Exploring Gender Identity and Community among Three Groups of Transgender Individuals in the United States: MTFs, FTMs, and Genderqueers

By Factor, Rhonda; Rothblum, Esther | Health Sociology Review, October 2008 | Go to article overview

Exploring Gender Identity and Community among Three Groups of Transgender Individuals in the United States: MTFs, FTMs, and Genderqueers


Factor, Rhonda, Rothblum, Esther, Health Sociology Review


ABSTRACT

A United States sample of 166 transgender adults including 50 male-to-females (MTFs), 52 female-to-males (FTMs), and 64 genderqueers (neither completely female nor completely male), were surveyed about identity development, levels of disclosure of transgender status, and relationship to community. There was no difference among transgender groups in age of first experiencing oneself differently from assigned birth sex. MTFs first identified as other than their assigned sex earlier than FTMs. However, they did not present themselves to others in a gender-congruent way until much later than FTMs. MTFs were less likely to disclose their gender identity to their parents than were FTMs. Disclosure of assigned birth sex was more common among younger participants. There was no difference in the extent to which individuals felt connected to the transgender community. Genderqueers felt more connected to the lesbian, gay, and bisexual community than did MTFs or FTMs. Implications for health care professionals and transgender communities are discussed.

KEY WORDS

Transgender, MTF,

FTM, genderqueer,

sociology

Received 29 February 2008

Accepted 2 June 2008

Introduction

The present study was planned as a large United States sample of people who identify as transgender. Comparisons were planned across the following groups: those assigned male at birth who experience themselves as female (MTFs)1, those assigned female at birth who experience themselves as male (FTMs), and those who do not identify as male or female. Though people who do not identify as men or women use many terms of self-identity (to be described later), we chose to use the term 'genderqueer' as this was used most frequently (by 62.5% of respondents).
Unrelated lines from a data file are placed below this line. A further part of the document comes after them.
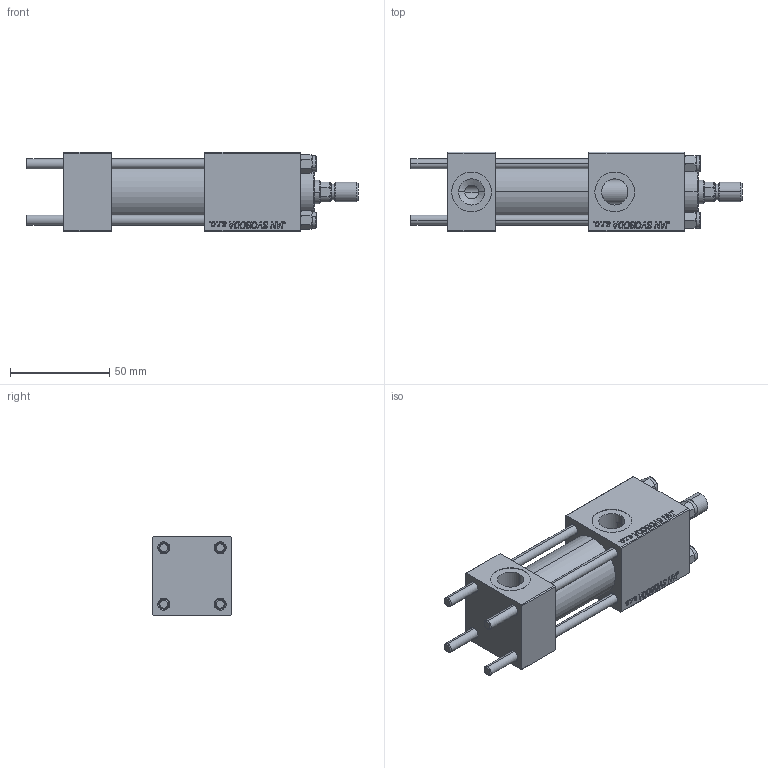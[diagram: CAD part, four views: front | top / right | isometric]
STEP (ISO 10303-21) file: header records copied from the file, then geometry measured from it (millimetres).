
FILE_DESCRIPTION (( 'STEP AP203' ), '1' );
FILE_NAME ('477e.STEP', '2023-08-22T17:23:33', ( '' ), ( '' ), 'SwSTEP 2.0', 'SolidWorks 2019', '' );
FILE_SCHEMA (( 'CONFIG_CONTROL_DESIGN' ));
Length unit declared in the file: millimetre
Products named in the file (7): V215CR_BODY_A 74ae1c7ef6e5e2fb965c9e2ac5844ba8; CR025_012_A_0_G_A_G_M_020_+#_##_TYCINKA 74ae1c7ef6e5e2fb965c9e2ac5844ba8; ROD_END_AH 74ae1c7ef6e5e2fb965c9e2ac5844ba8; NUT_M5 74ae1c7ef6e5e2fb965c9e2ac5844ba8; V215_VC_A 74ae1c7ef6e5e2fb965c9e2ac5844ba8; 477e; V215CR_VCP 74ae1c7ef6e5e2fb965c9e2ac5844ba8
Assembly tree (12 placements, depth 2):
  477e
    V215CR_BODY_A 74ae1c7ef6e5e2fb965c9e2ac5844ba8
    CR025_012_A_0_G_A_G_M_020_+#_##_TYCINKA 74ae1c7ef6e5e2fb965c9e2ac5844ba8  x4
    NUT_M5 74ae1c7ef6e5e2fb965c9e2ac5844ba8  x4
    V215CR_VCP 74ae1c7ef6e5e2fb965c9e2ac5844ba8
    V215_VC_A 74ae1c7ef6e5e2fb965c9e2ac5844ba8
    ROD_END_AH 74ae1c7ef6e5e2fb965c9e2ac5844ba8
Bounding box: 167 x 40 x 40 mm (x, y, z)
Volume: 145854.9 mm3; surface area: 59482.1 mm2
Topology: 12 solids, 12 shells, 1145 faces, 2873 edges, 1861 vertices
Faces by surface type: plane 521, bspline 392, cone 140, cylinder 82, torus 10
Entity records: 50268 total; most frequent: CARTESIAN_POINT 27093, ORIENTED_EDGE 5238, DIRECTION 3293, EDGE_CURVE 2619, VERTEX_POINT 1717, VECTOR 1587, LINE 1587, EDGE_LOOP 1154

We also compared these three trans groups with their non-transgender brothers and sisters. Using siblings as comparison groups was important given the lack of prior research comparing trans with non-trans individuals. For results comparing these five groups on demographics, social support, and violence and harassment, see Factor and Rothblum (in press). Not surprisingly, we found the three trans groups to experience significantly less social support from their family than their non-transgender brothers and sisters. Transgender people were also more likely to experience a variety of types of harassment and discrimination than their nontransgender sisters and brothers.

In addition, we explored the nuances of diverse trans people's gender expressions, experiences, and identities, and that is the focus of the present paper. Thus, we compare MTFs, FTMs, and genderqueers in the current socio-historical moment. We examined the extent to which these three trans groups participated in transgender communities and the extent to which they disclosed their transgender identity to others.
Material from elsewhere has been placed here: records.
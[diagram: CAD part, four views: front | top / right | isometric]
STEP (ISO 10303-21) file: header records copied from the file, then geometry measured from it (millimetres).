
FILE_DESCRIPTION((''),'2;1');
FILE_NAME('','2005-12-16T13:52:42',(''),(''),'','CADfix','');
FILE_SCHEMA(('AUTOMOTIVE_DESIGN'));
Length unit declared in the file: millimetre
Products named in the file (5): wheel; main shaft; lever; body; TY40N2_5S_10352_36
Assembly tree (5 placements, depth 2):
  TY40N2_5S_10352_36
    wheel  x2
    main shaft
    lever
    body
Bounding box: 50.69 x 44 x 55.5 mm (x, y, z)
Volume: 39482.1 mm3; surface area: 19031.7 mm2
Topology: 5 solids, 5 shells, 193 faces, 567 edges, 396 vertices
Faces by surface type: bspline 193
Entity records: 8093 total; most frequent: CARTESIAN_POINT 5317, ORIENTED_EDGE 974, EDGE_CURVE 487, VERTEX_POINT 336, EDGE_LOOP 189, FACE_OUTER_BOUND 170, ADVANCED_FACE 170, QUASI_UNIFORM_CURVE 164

Gender diversity is a longstanding interest of the first author. The initial ideas for this project emerged from her gender experiences and sensibilities. The dissonance she encountered between her gendered self and the ways in which gendered selves have been described (and not described) in the psychological literature was a primary motivation for undertaking the study. The second author has been researching lesbian, gay and bisexual (LGB) communities for many years and developed a sibling comparison method that she has utilised with LGB individuals. In an effort to develop further insight into contemporary LGB(T)/Queer communities, she suggested extending this method to trans people and served as the dissertation advisor of the first author.

Theoretical and historical background

It has been over thirty years since 'homosexuality' was removed as a mental illness from the Diagnostic and Statistical Manual of Mental Disorders in 1973 (American Psychiatric Association 1980). Yet, the current DSM still includes the diagnosis of 'gender identity disorder' (GID), defined as a 'strong and persistent crossgender identification (American Psychiatric Association 2000:581). …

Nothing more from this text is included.